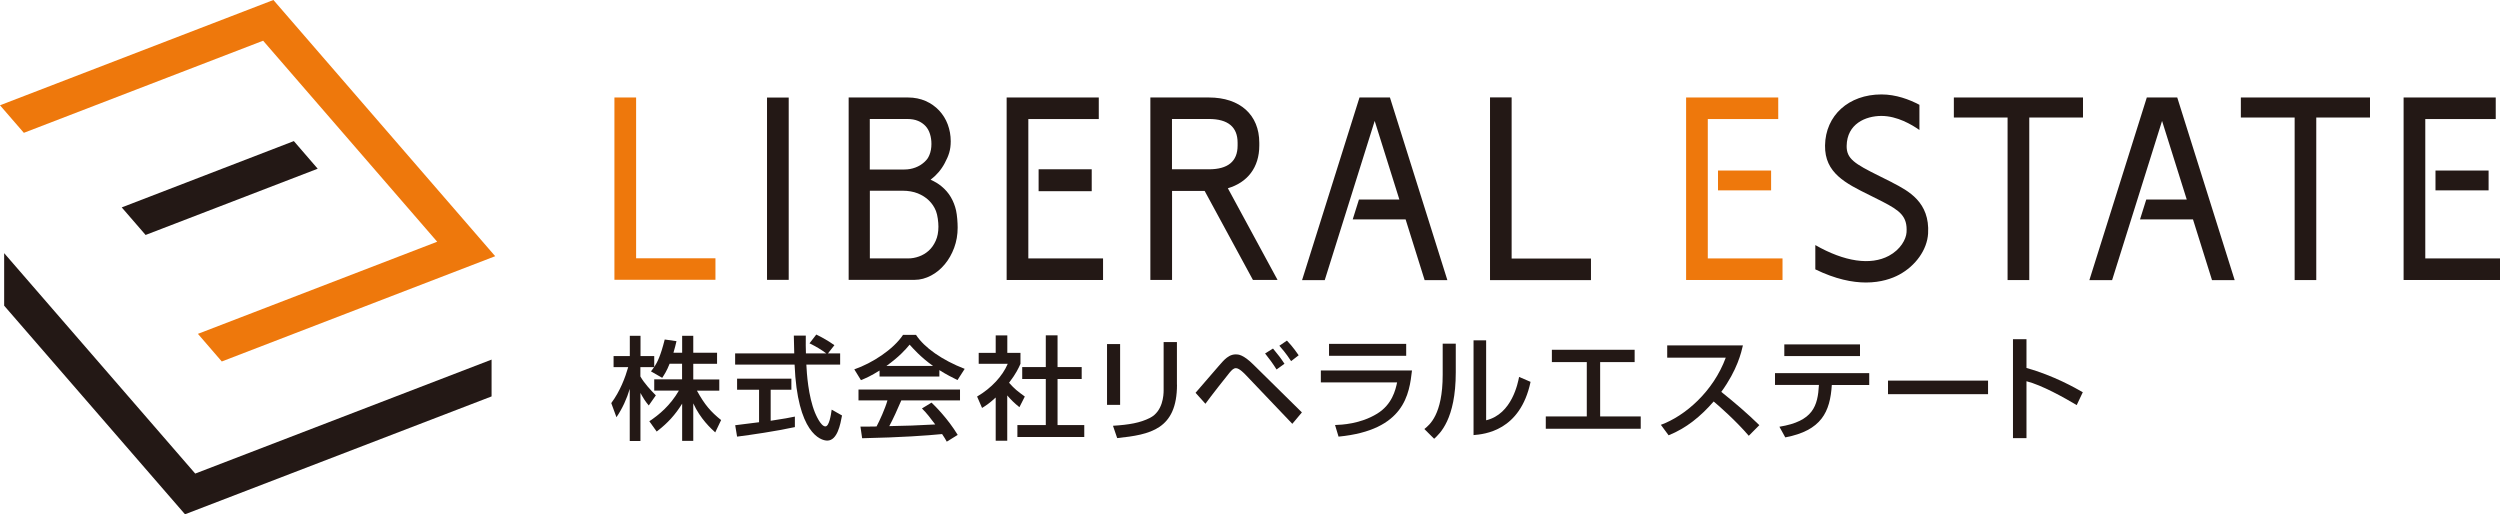 <svg width="350" height="72" viewBox="0 0 350 72" fill="none" xmlns="http://www.w3.org/2000/svg">
<path d="M3.34 18.596L36.837 5.699L61.206 33.842L27.709 46.739L31.049 50.607L69.326 35.868L38.277 0L0 14.739L3.34 18.596Z" fill="#EE780C"/>
<path d="M20.383 32.895L44.478 23.621L41.138 19.753L17.043 29.037L20.383 32.895Z" fill="#231815"/>
<path d="M27.331 66.301L0.582 35.44V42.795L25.901 72L68.821 55.498V50.345L27.331 66.301Z" fill="#231815"/>
<path d="M93.747 50.919C93.335 51.972 93.002 52.439 92.709 52.897L91.132 51.991C91.259 51.835 91.435 51.611 91.572 51.397H89.653V52.702C90.191 53.657 91.093 54.611 91.817 55.352L90.828 56.764C90.358 56.219 90.074 55.761 89.662 55.011V61.742H88.164V54.446C87.752 55.839 87.126 57.203 86.303 58.411L85.578 56.433C86.822 54.758 87.537 52.839 87.948 51.397H85.901V49.848H88.174V47.013H89.672V49.848H91.592V51.387C92.033 50.696 92.474 49.867 93.061 47.529L94.707 47.763C94.609 48.202 94.481 48.718 94.285 49.38H95.5V47.013H97.057V49.38H100.388V50.929H97.057V53.121H100.701V54.689H97.567C98.674 56.696 99.506 57.641 100.956 58.81L100.133 60.534C99.545 59.998 98.066 58.664 97.057 56.472V61.723H95.5V56.511C94.54 58.06 93.512 59.209 91.935 60.417L90.906 58.976C92.297 58.05 93.835 56.764 95.049 54.68H91.592V53.111H95.49V50.919H93.776H93.747Z" fill="#231815"/>
<path d="M115.915 49.477H117.62V51.046H112.889C112.948 52.234 113.144 55.449 114.103 57.787C114.182 57.962 114.887 59.696 115.553 59.696C116.092 59.696 116.337 58.069 116.435 57.348L117.884 58.167C117.659 59.375 117.238 61.683 115.817 61.683C114.867 61.683 111.625 60.602 111.243 51.046H102.918V49.477H111.194C111.194 49.136 111.145 47.393 111.136 46.983H112.811C112.811 47.958 112.791 48.854 112.83 49.477H115.68C114.926 48.912 114.28 48.532 113.33 48.065L114.28 46.837C115.083 47.217 116.062 47.782 116.816 48.328L115.915 49.477ZM102.928 59.531C103.78 59.423 105.905 59.151 106.268 59.112V54.562H103.192V53.014H110.793V54.562H107.894V58.907C109.706 58.644 110.665 58.449 111.283 58.323V59.794C108.716 60.358 105.053 60.894 103.192 61.128L102.928 59.531Z" fill="#231815"/>
<path d="M123.137 51.875C121.942 52.625 121.218 52.946 120.532 53.219L119.602 51.709C122.138 50.833 125.087 48.904 126.428 46.877H128.24C129.396 48.67 131.933 50.433 135.057 51.641L134.049 53.209C133.383 52.878 132.472 52.43 131.512 51.816V52.713H123.137V51.865V51.875ZM132.54 61.821C132.354 61.48 132.256 61.304 131.894 60.769C129.729 60.983 126.203 61.236 120.699 61.353L120.463 59.726C120.797 59.726 122.227 59.726 122.716 59.707C123.128 58.937 123.911 57.233 124.244 56.054H120.189V54.534H134.401V56.054H126.184C125.645 57.32 125.038 58.655 124.499 59.658C127.447 59.6 127.78 59.58 130.934 59.424C130.16 58.402 129.768 57.876 129.073 57.184L130.415 56.366C130.905 56.833 132.697 58.606 134.078 60.886L132.55 61.831L132.54 61.821ZM130.63 51.232C128.926 50.043 127.731 48.68 127.349 48.251C126.722 49.001 125.87 49.956 124.097 51.232H130.63Z" fill="#231815"/>
<path d="M141.024 61.701H139.398V55.651C138.448 56.528 137.978 56.81 137.488 57.112L136.793 55.515C138.811 54.336 140.358 52.641 141.083 50.936H137.018V49.397H139.398V46.952H141.024V49.397H142.866V50.936C142.601 51.531 142.239 52.32 141.269 53.586C142.072 54.492 142.454 54.765 143.473 55.515L142.719 57.005C141.974 56.411 141.553 55.983 141.014 55.359V61.71L141.024 61.701ZM146.401 46.942H148.057V51.385H151.436V53.06H148.057V59.509H151.798V61.184H142.435V59.509H146.411V53.06H143.11V51.385H146.411V46.942H146.401Z" fill="#231815"/>
<path d="M156.816 56.686H154.984V48.172H156.816V56.686ZM164.779 53.851C164.779 60.125 161.028 60.846 156.405 61.333L155.817 59.609C158.099 59.462 159.617 59.2 160.988 58.508C162.82 57.582 162.908 55.274 162.908 54.679V47.89H164.769V53.851H164.779Z" fill="#231815"/>
<path d="M167.387 54.98C170.805 51.016 171.187 50.577 171.452 50.334C171.843 49.973 172.333 49.613 173.009 49.613C173.342 49.613 174.037 49.613 175.487 51.055L182.265 57.737L180.923 59.335L174.38 52.467C174.233 52.311 173.499 51.542 173.038 51.542C172.695 51.542 172.47 51.795 172.167 52.136C171.726 52.672 169.551 55.428 168.758 56.529L167.367 54.98H167.387ZM178.719 51.727C178.229 50.938 177.632 50.129 177.113 49.486L178.22 48.795C178.993 49.72 179.336 50.178 179.826 50.928L178.719 51.727ZM180.756 50.558C180.041 49.457 179.405 48.736 179.111 48.405L180.169 47.684C180.972 48.502 181.697 49.564 181.814 49.739L180.756 50.558Z" fill="#231815"/>
<path d="M197.68 51.854C197.298 55.117 196.691 60.232 187.396 61.128L186.906 59.501C187.807 59.472 190.442 59.365 192.803 57.913C194.899 56.627 195.369 54.601 195.594 53.539H184.918V51.864H197.671L197.68 51.854ZM196.867 48.143V49.808H186.064V48.143H196.867Z" fill="#231815"/>
<path d="M203.808 52.125C203.808 58.71 201.565 60.717 200.781 61.428L199.41 60.064C200.135 59.48 201.976 58.058 201.976 52.476V48.112H203.808V52.125ZM208.069 58.837C211.693 57.97 212.515 53.567 212.672 52.768L214.278 53.46C212.829 60.357 207.794 60.785 206.296 60.912V47.644H208.059V58.847L208.069 58.837Z" fill="#231815"/>
<path d="M228.849 48.968V50.693H224.021V58.301H229.701V60.025H216.41V58.301H222.15V50.693H217.262V48.968H228.849Z" fill="#231815"/>
<path d="M232.508 59.481C235.887 58.253 239.854 54.834 241.607 50.071H233.409V48.356H244.007C243.791 49.301 243.233 51.775 240.98 54.863C242.822 56.334 244.624 57.873 246.308 59.52L244.829 61.01C243.047 58.925 240.637 56.802 239.913 56.208C238.081 58.312 236.093 59.938 233.605 60.942L232.518 59.471L232.508 59.481Z" fill="#231815"/>
<path d="M261.693 52.253V53.9H256.453C256.218 57.66 255.013 60.27 249.94 61.235L249.117 59.744C253.848 58.975 254.484 56.841 254.651 53.89H248.5V52.243H261.684L261.693 52.253ZM260.4 48.22V49.847H249.803V48.22H260.4Z" fill="#231815"/>
<path d="M278.327 53.285V55.184H264.32V53.285H278.327Z" fill="#231815"/>
<path d="M283.707 47.498V51.511C287.536 52.593 290.534 54.307 291.591 54.911L290.739 56.713C288.976 55.661 285.862 53.918 283.707 53.372V61.341H281.816V47.488H283.707V47.498Z" fill="#231815"/>
<path d="M100.163 39.17H86.019V13.648H89.056V36.16H100.163V39.17Z" fill="#EE780C"/>
<path d="M222.735 39.217H208.602V13.636H211.628V36.197H222.735V39.217Z" fill="#231815"/>
<path d="M110.419 13.657H107.383V39.18H110.419V13.657Z" fill="#231815"/>
<path d="M171.884 26.36C174.655 25.552 176.301 23.428 176.301 20.389V19.989C176.301 16.073 173.598 13.648 169.249 13.648H161.051V39.19H164.087V26.73H168.651L175.41 39.19H178.857L171.903 26.36H171.884ZM164.077 23.71V16.658H169.249C171.913 16.658 173.265 17.778 173.265 19.979V20.379C173.265 22.59 171.913 23.701 169.249 23.701H164.077V23.71Z" fill="#231815"/>
<path d="M291.62 13.648H273.539V16.453H281.061V39.209H284.098V16.453H291.62V13.648Z" fill="#231815"/>
<path d="M331.8 13.648H313.719V16.453H321.251V39.209H324.277V16.453H331.8V13.648Z" fill="#231815"/>
<path d="M190.33 13.648L182.289 39.219H185.463L192.456 16.93L195.913 27.938H190.252L189.38 30.715H196.785L199.449 39.219H202.632L194.591 13.648H190.33Z" fill="#231815"/>
<path d="M300.553 13.648L292.512 39.219H295.695L302.688 16.93L306.146 27.938H300.475L299.603 30.715H307.018L309.682 39.219H312.855L304.814 13.648H300.553Z" fill="#231815"/>
<path d="M249.552 36.179H239.091V16.667H248.954V13.648H236.055V39.199H249.552V36.179Z" fill="#EE780C"/>
<path d="M247.954 23.875H240.52V26.651H247.954V23.875Z" fill="#EE780C"/>
<path d="M350.001 36.179H339.54V16.667H349.403V13.648H336.504V39.199H350.001V36.179Z" fill="#231815"/>
<path d="M348.403 23.875H340.969V26.651H348.403V23.875Z" fill="#231815"/>
<path d="M154.427 36.179H143.966V16.667H153.829V13.648H140.93V39.199H154.427V36.179Z" fill="#231815"/>
<path d="M152.84 23.699H145.406V26.767H152.84V23.699Z" fill="#231815"/>
<path d="M264.928 25.553C264.292 25.222 263.684 24.929 263.116 24.647C259.63 22.923 258.503 22.221 258.532 20.419C258.581 17.331 261.187 16.23 263.4 16.23C265.614 16.23 267.681 17.468 268.719 18.198V14.672C267.299 13.922 265.428 13.22 263.4 13.22C258.817 13.22 255.565 16.162 255.506 20.37C255.447 24.218 258.376 25.66 261.774 27.336C262.333 27.608 262.92 27.901 263.538 28.222C265.986 29.488 267.054 30.277 266.917 32.518C266.858 33.502 266.065 34.944 264.448 35.811C261.892 37.184 258.229 36.648 254.145 34.31V37.71C256.965 39.084 259.336 39.551 261.236 39.551C263.342 39.551 264.899 38.986 265.878 38.46C268.2 37.213 269.796 34.953 269.933 32.703C270.198 28.28 267.152 26.712 264.928 25.563V25.553Z" fill="#231815"/>
<path d="M118.812 39.18V13.648H127.128C128.029 13.648 128.862 13.823 129.596 14.144C130.321 14.466 130.958 14.914 131.477 15.469C131.996 16.024 132.407 16.677 132.682 17.417C132.956 18.148 133.103 18.947 133.103 19.775C133.103 21.012 132.819 21.791 132.26 22.843C131.781 23.749 131.115 24.529 130.282 25.162C130.86 25.415 131.369 25.717 131.79 26.068C132.339 26.516 132.789 27.032 133.122 27.607C133.455 28.182 133.7 28.805 133.847 29.458C133.994 30.11 134.072 31.172 134.072 31.874C134.072 32.867 133.906 33.822 133.583 34.689C133.26 35.566 132.819 36.335 132.27 36.998C131.722 37.66 131.075 38.196 130.351 38.576C129.616 38.965 128.842 39.18 128.039 39.18H118.812ZM127.138 36.179C127.637 36.179 128.147 36.092 128.656 35.907C129.156 35.731 129.616 35.459 130.018 35.098C130.419 34.738 130.742 34.28 130.997 33.715C131.252 33.16 131.379 32.487 131.379 31.728C131.379 31.104 131.261 30.11 131.036 29.546C130.811 28.98 130.478 28.484 130.057 28.075C129.636 27.656 129.107 27.325 128.49 27.071C127.873 26.828 127.157 26.701 126.374 26.701H121.78V36.179H127.148H127.138ZM126.619 23.73C127.177 23.73 127.677 23.632 128.147 23.457C128.656 23.262 129.028 23.038 129.42 22.678C129.782 22.337 129.92 22.162 130.115 21.704C130.311 21.246 130.4 20.7 130.4 20.155C130.4 19.648 130.331 19.181 130.194 18.752C130.066 18.333 129.861 17.963 129.587 17.661C129.312 17.359 128.96 17.115 128.539 16.93C128.108 16.745 127.588 16.658 126.991 16.658H121.77V23.73H126.619Z" fill="#231815"/>
</svg>

::::::::::

→ **About this task**:
Whatever lies between the first line of the data and the line holding "66.301L0.582 35.44V42.795L25.901 72L68.821", inclusive, should be repeated exactly, apart from the pictures.

→ **Solved exercise**:
 <svg width="350" height="72" viewBox="0 0 350 72" fill="none" xmlns="http://www.w3.org/2000/svg">
<path d="M3.34 18.596L36.837 5.699L61.206 33.842L27.709 46.739L31.049 50.607L69.326 35.868L38.277 0L0 14.739L3.34 18.596Z" fill="#EE780C"/>
<path d="M20.383 32.895L44.478 23.621L41.138 19.753L17.043 29.037L20.383 32.895Z" fill="#231815"/>
<path d="M27.331 66.301L0.582 35.44V42.795L25.901 72L68.821 55.498V50.345L27.331 66.301Z" fill="#231815"/>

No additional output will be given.